Action item
Output a character-exact copy of the data, images removed.
□ □ □
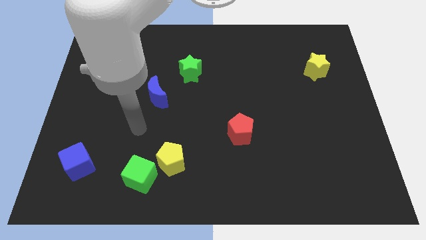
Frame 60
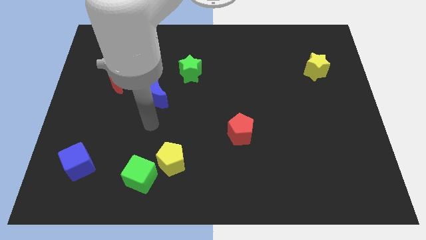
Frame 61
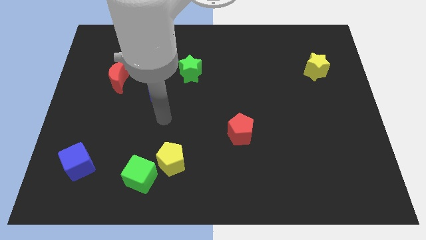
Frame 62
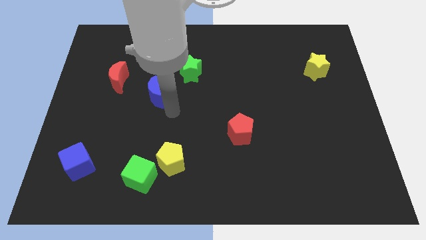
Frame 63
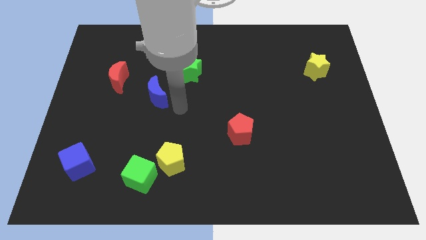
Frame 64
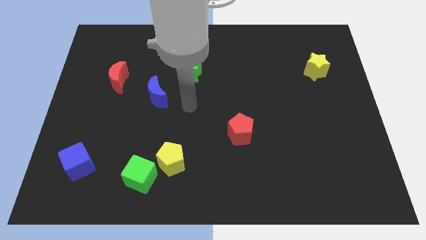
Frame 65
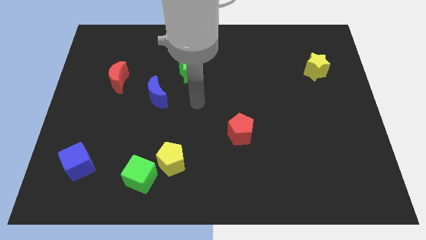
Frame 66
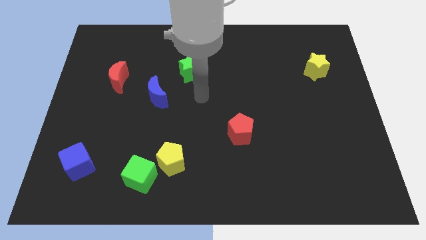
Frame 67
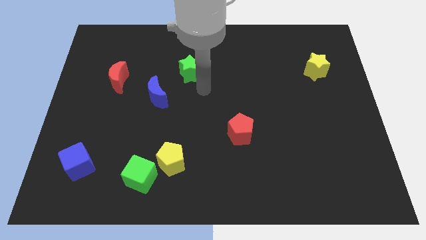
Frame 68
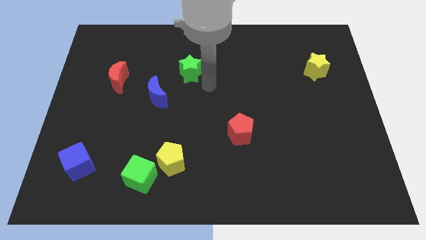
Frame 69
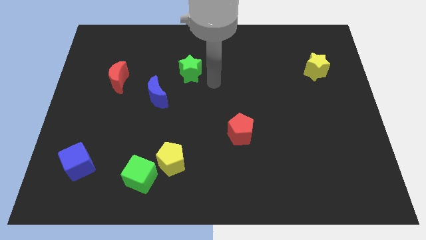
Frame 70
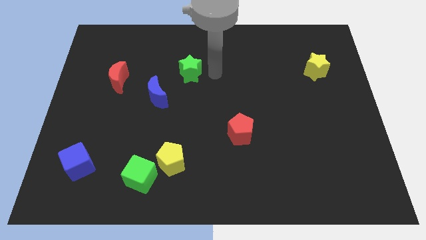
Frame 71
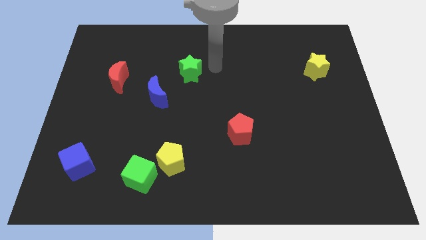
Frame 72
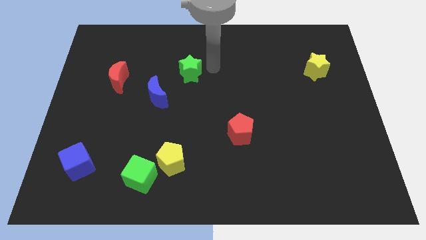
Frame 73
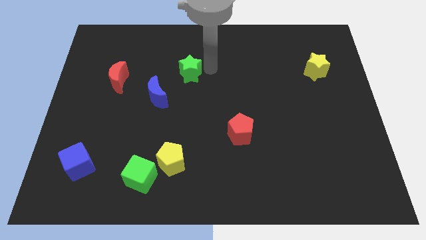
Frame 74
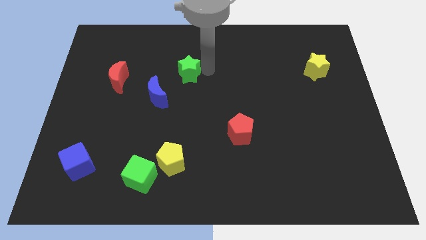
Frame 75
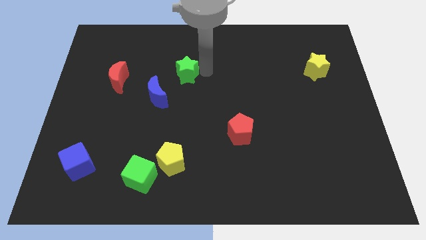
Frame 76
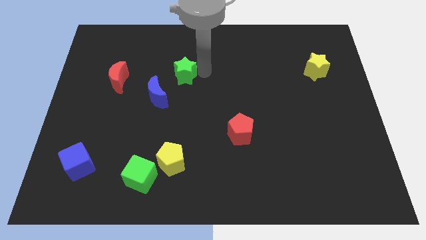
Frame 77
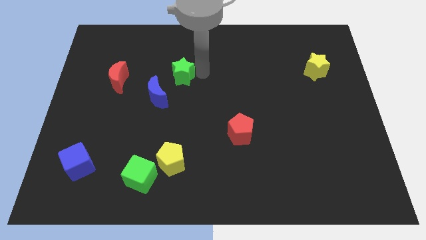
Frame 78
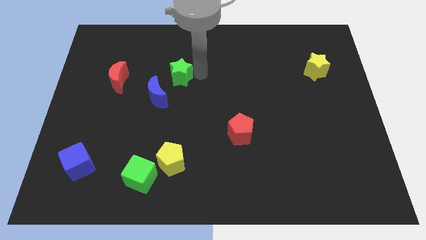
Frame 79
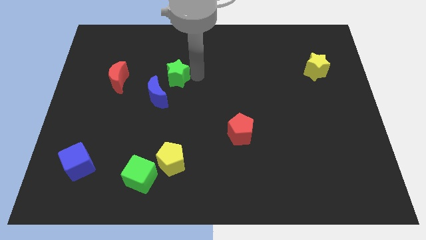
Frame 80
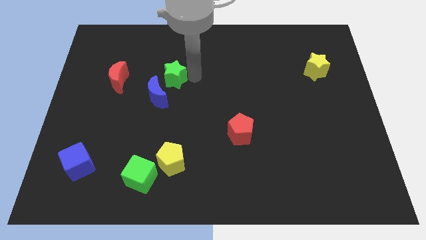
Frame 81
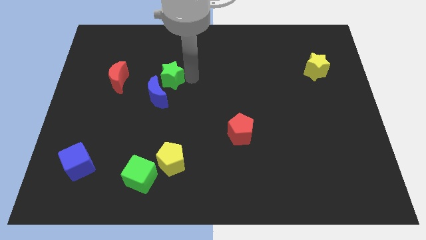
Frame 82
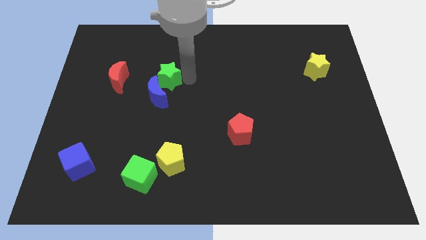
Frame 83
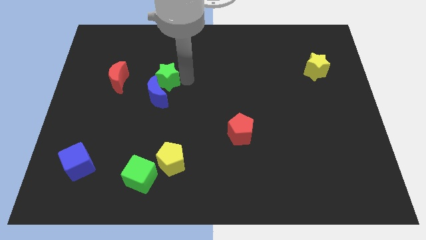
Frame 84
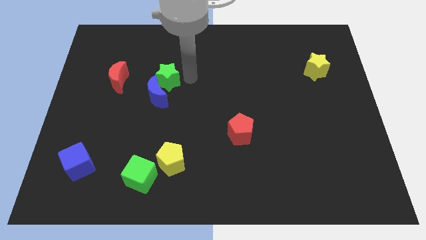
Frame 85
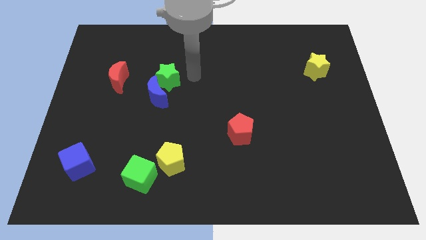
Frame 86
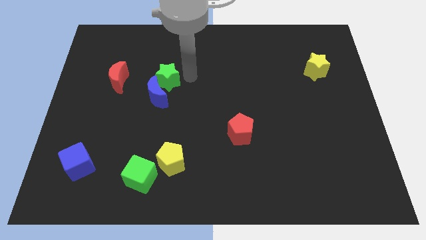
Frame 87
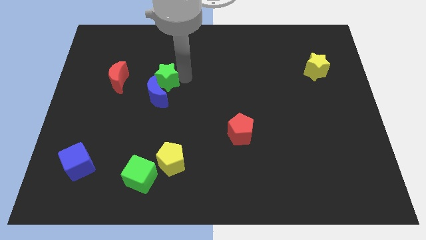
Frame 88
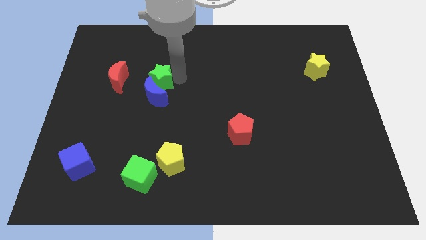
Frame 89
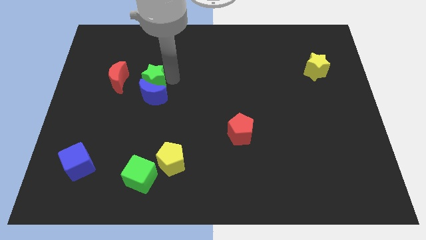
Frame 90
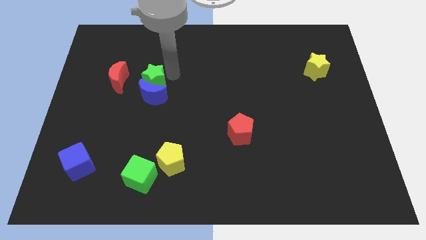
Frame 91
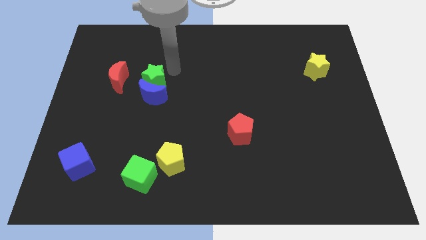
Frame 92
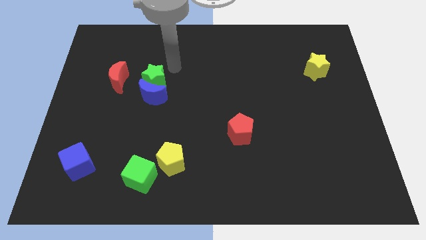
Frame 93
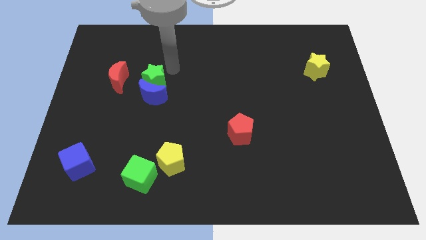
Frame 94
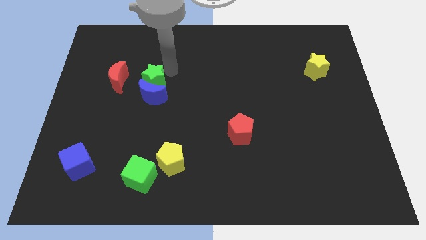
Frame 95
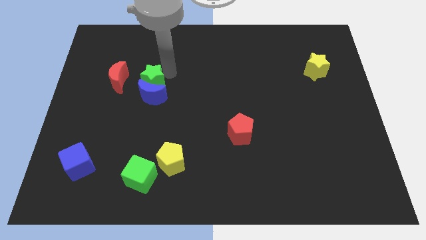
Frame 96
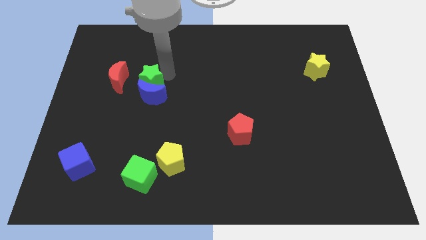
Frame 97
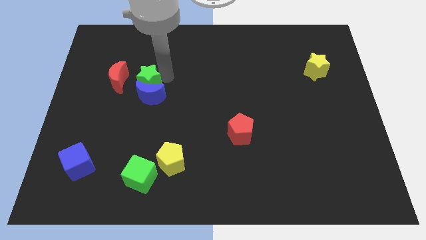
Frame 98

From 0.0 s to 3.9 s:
slide the green star to the bottom right of the red moon
□ □ □
Task solution
Frame 60
Frame 61
Frame 62
Frame 63
Frame 64
Frame 65
Frame 66
Frame 67
Frame 68
Frame 69
Frame 70
Frame 71
Frame 72
Frame 73
Frame 74
Frame 75
Frame 76
Frame 77
Frame 78
Frame 79
Frame 80
Frame 81
Frame 82
Frame 83
Frame 84
Frame 85
Frame 86
Frame 87
Frame 88
Frame 89
Frame 90
Frame 91
Frame 92
Frame 93
Frame 94
Frame 95
Frame 96
Frame 97
Frame 98

From 0.0 s to 3.9 s:
slide the green star to the bottom right of the red moon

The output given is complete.